Oysa Ydanov, yeni toplumsal sorunlarla pek ilgili değildir. Çünkü yalnız Ydanov değil, Sovyet liderliği dinginlik ve huzur arayışı içerisine girmiştir. Daha önce başka bir çalışmada dile getirmiştim; ne ilginçtir ki Sovyet toplumu huzuru kırlarda aramaktadır ve tersinden kırlarda huzur bulduğunda rahatlamaktadır 18 .
Sovyet yönetimi güvensiz bir dünyada güven aramaktadır. Müzik açısından bu, “halk kaynaklarıyla yetinin, olmadı Rus klasiklerini buna ekleyin”dir. Risk yok, batının karmaşası yok, ulusal değerlere yabancılaşma olasılığı yok, kontrolden çıkan arayışlara hiç gerek yok!

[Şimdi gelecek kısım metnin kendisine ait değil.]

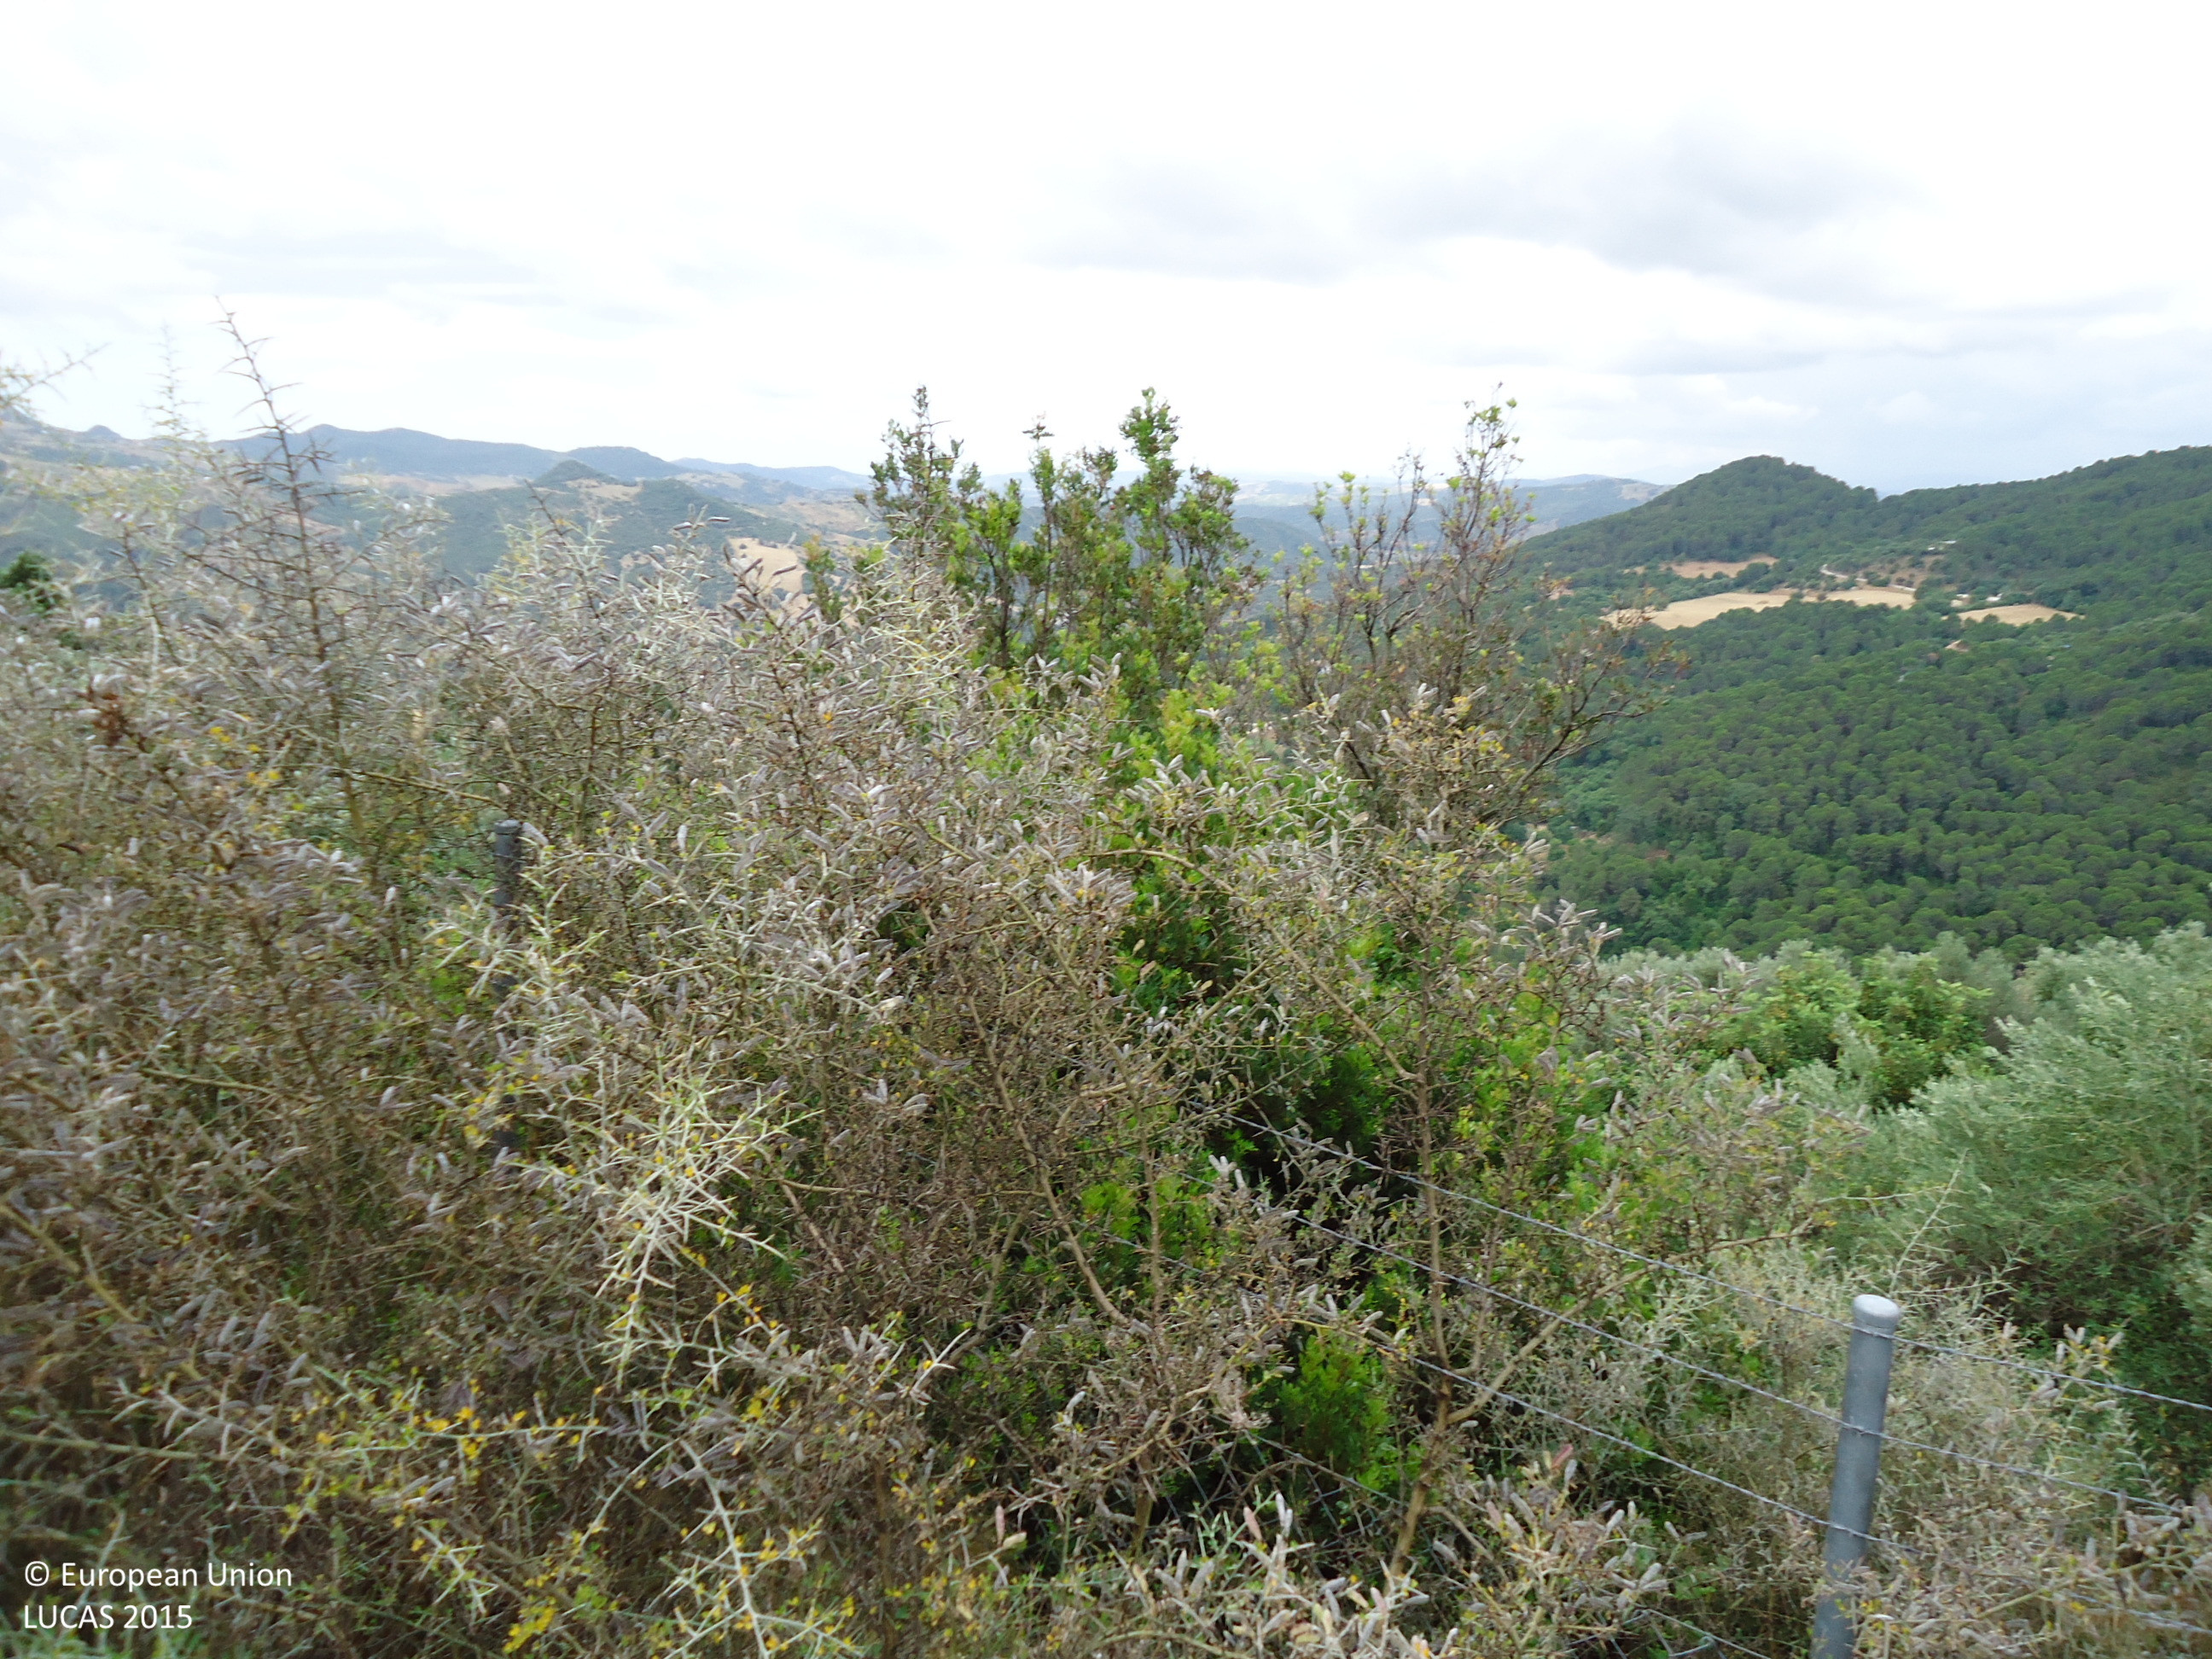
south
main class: Woodland
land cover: Broadleaved woodland
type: broadleaved evergreen forest
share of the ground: 25 - 50 %
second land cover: Grassland without tree/shrub cover
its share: > 75 %
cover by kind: herbaceous plants 55 %, broadleaved forest trees 45 %
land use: Forestry
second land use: Agriculture (excluding fallow land and kitchen gardens)
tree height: > 5 m
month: June
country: ES
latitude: 36.4974
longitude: -5.3248
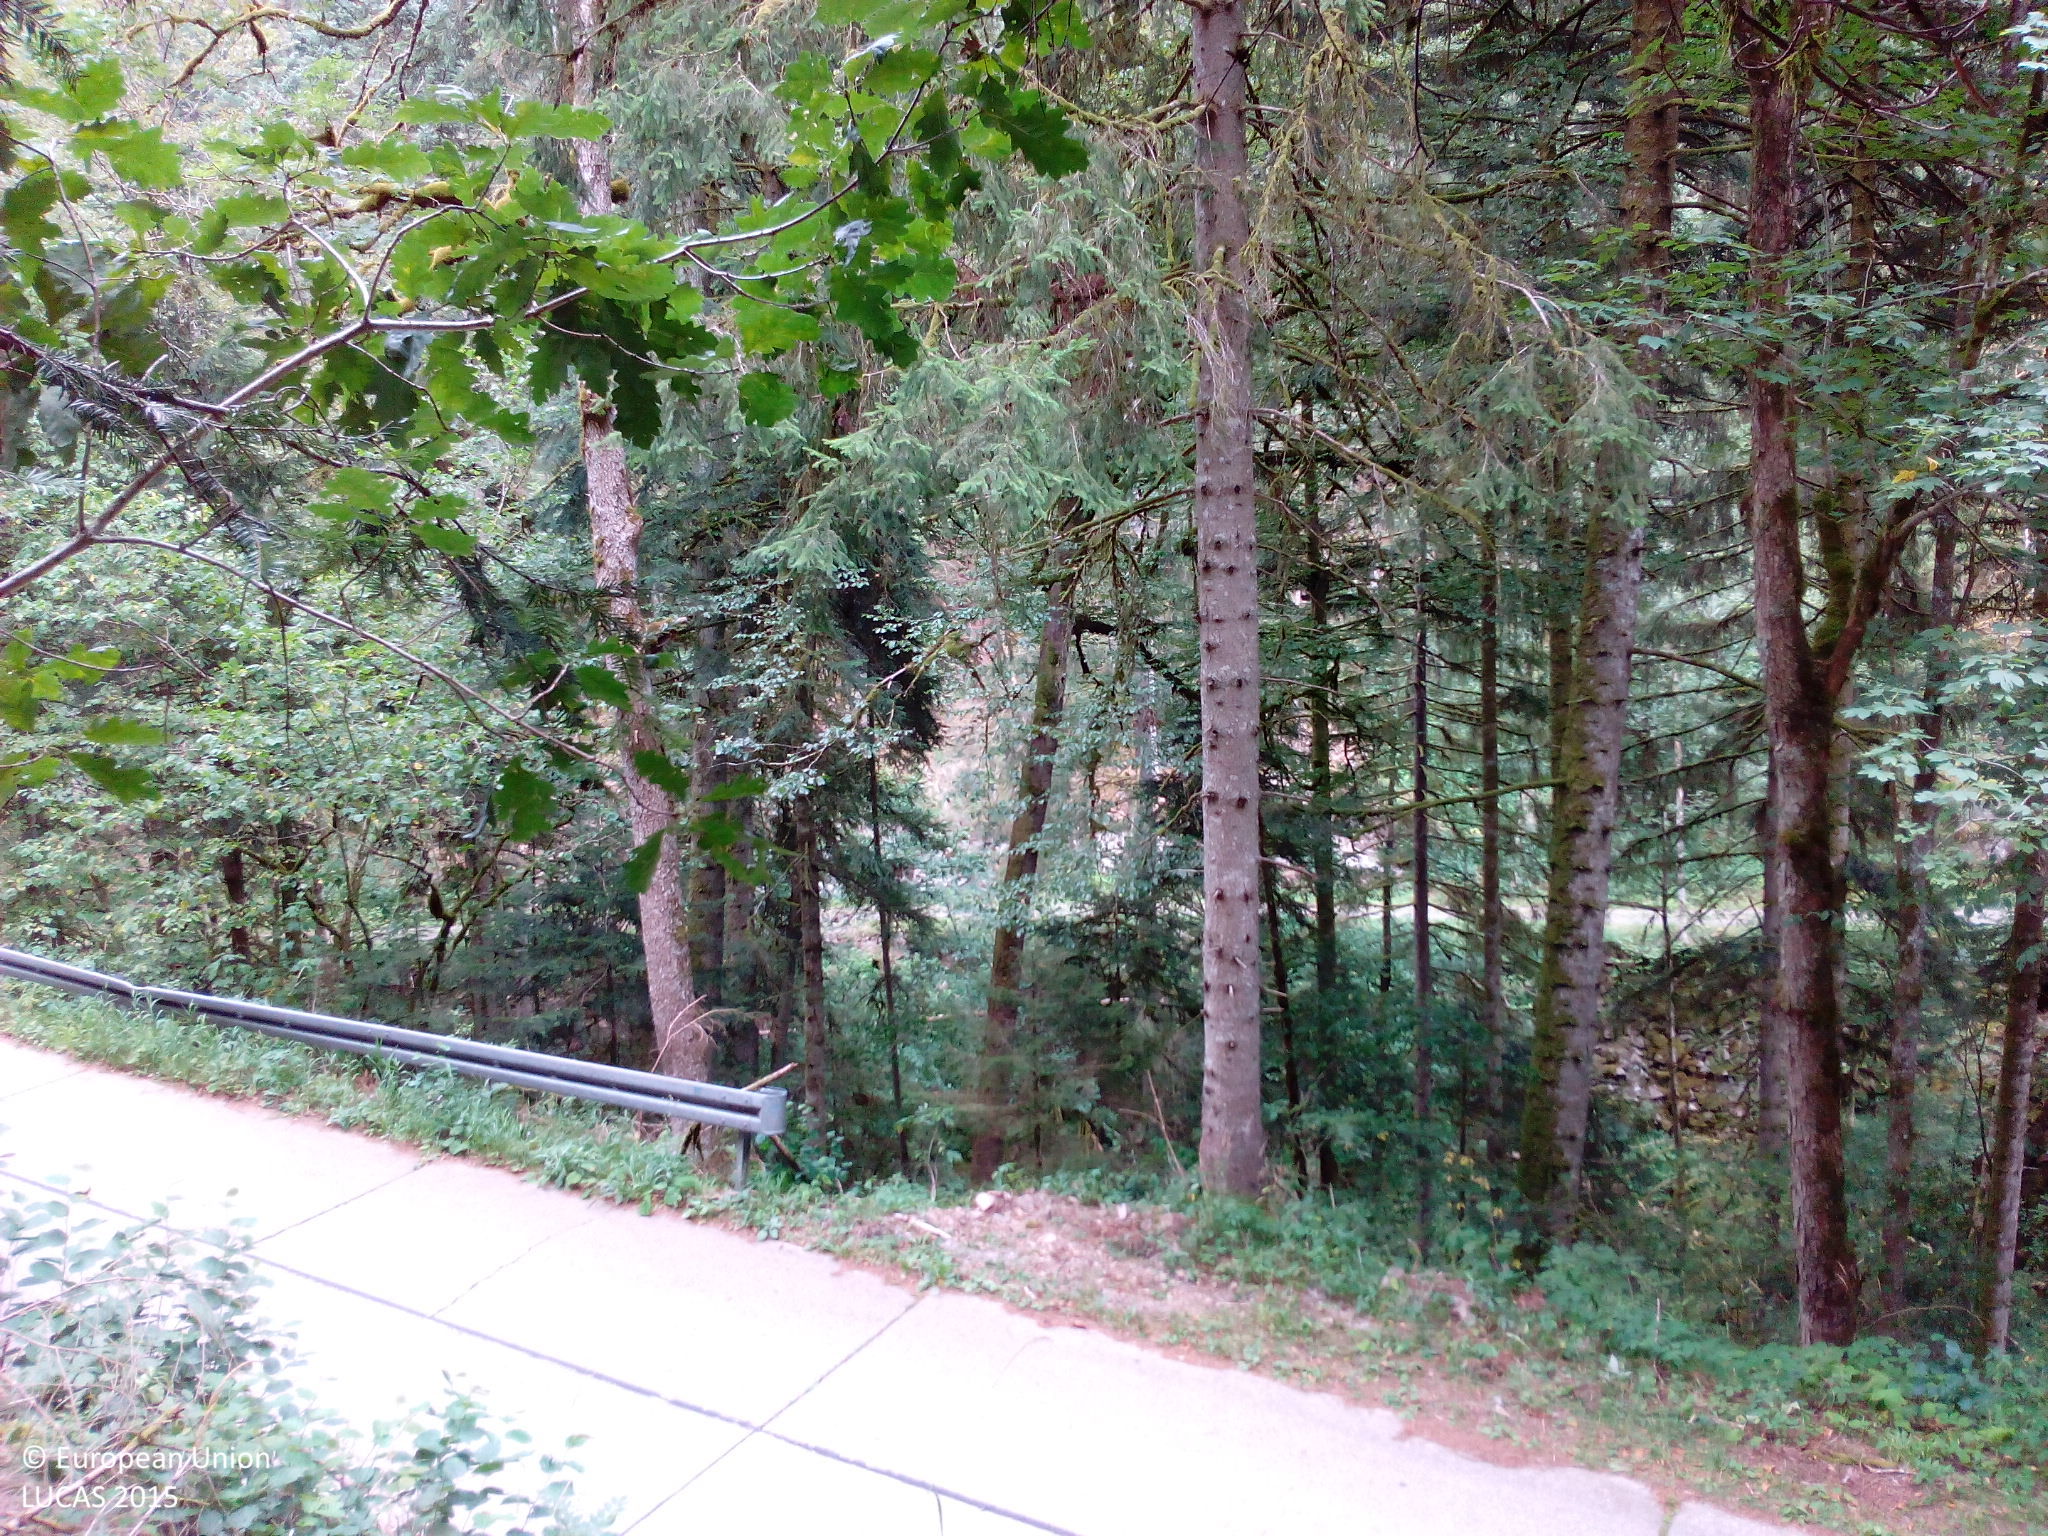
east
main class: Woodland
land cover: Spruce dominated mixed woodland
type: mesophytic deciduous forest
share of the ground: > 75 %
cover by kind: coniferous forest trees 50 %, broadleaved forest trees 25 %, lichens and mosses 10 %, shrubs 5 %, herbaceous plants 5 %, unconsolidated bare surface 5 %
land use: Forestry
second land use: Amenities, museums, leisure
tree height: > 5 m
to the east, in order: Spruce dominated mixed woodland; Ditches and canals; Paved roads, cycling and walking lanes; Spruce dominated mixed woodland; Rivers and streams; Spruce dominated coniferous woodland; Tracks; Spruce dominated mixed woodland; Tracks; Spruce dominated mixed woodland
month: August
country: DE
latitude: 47.7408
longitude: 8.2009
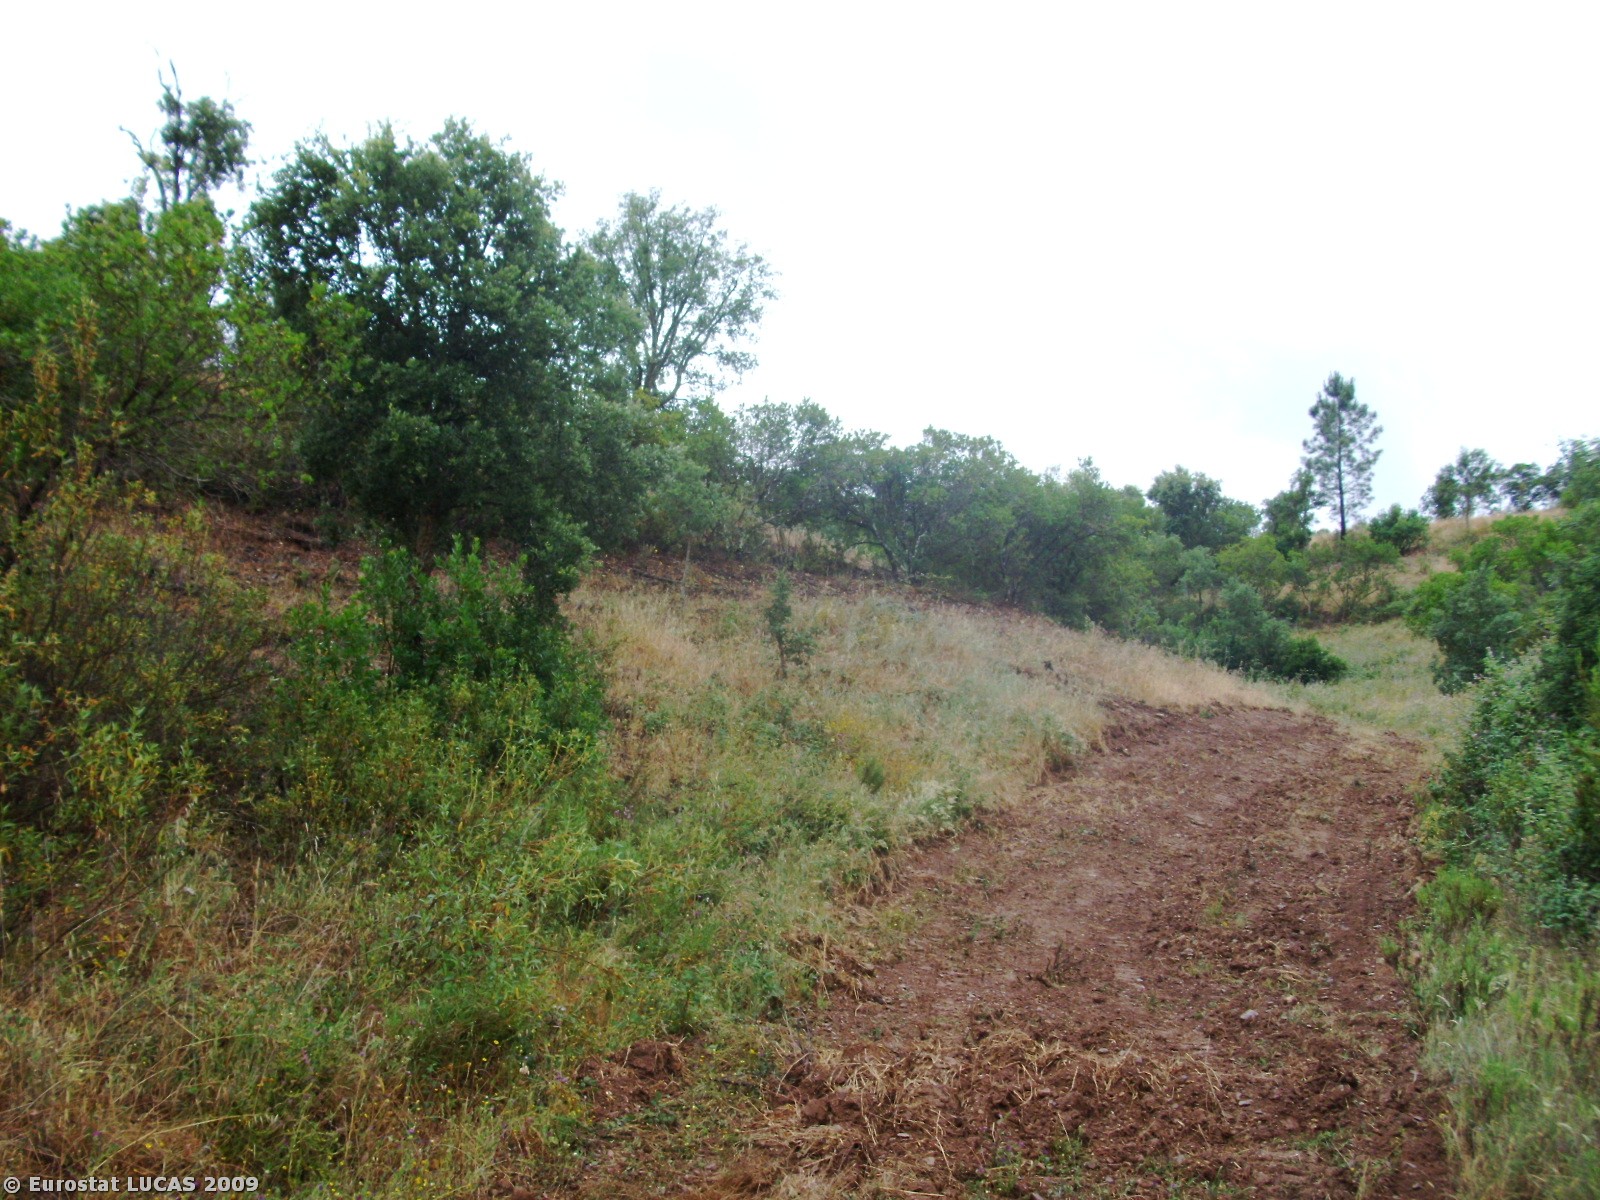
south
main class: Shrubland
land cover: Shrubland with sparse tree cover
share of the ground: > 75 %
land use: Fallow land
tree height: > 5 m
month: June
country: PT
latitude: 37.3892
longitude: -8.4507

Doğal olarak böyle bir çerçeveye hiç hapsolmadı Sovyet müziği. Son derece zengin bir tarihsel müdahale yapmakta olan bir toplum, elbette müzik alanında kısır döngü içerisinde debelenmeyecekti. Üstelik partinin rolü yalnızca “fırça” atmak değildi. Eşi benzeri görülmemiş olanaklar seferber edildi müzisyenlere ve müzik eğitimine. Öyle ki, Teodorakis bir ara bu durumu, “rahatlıktan yaratmayı unuttular” diye eleştirdi 19 .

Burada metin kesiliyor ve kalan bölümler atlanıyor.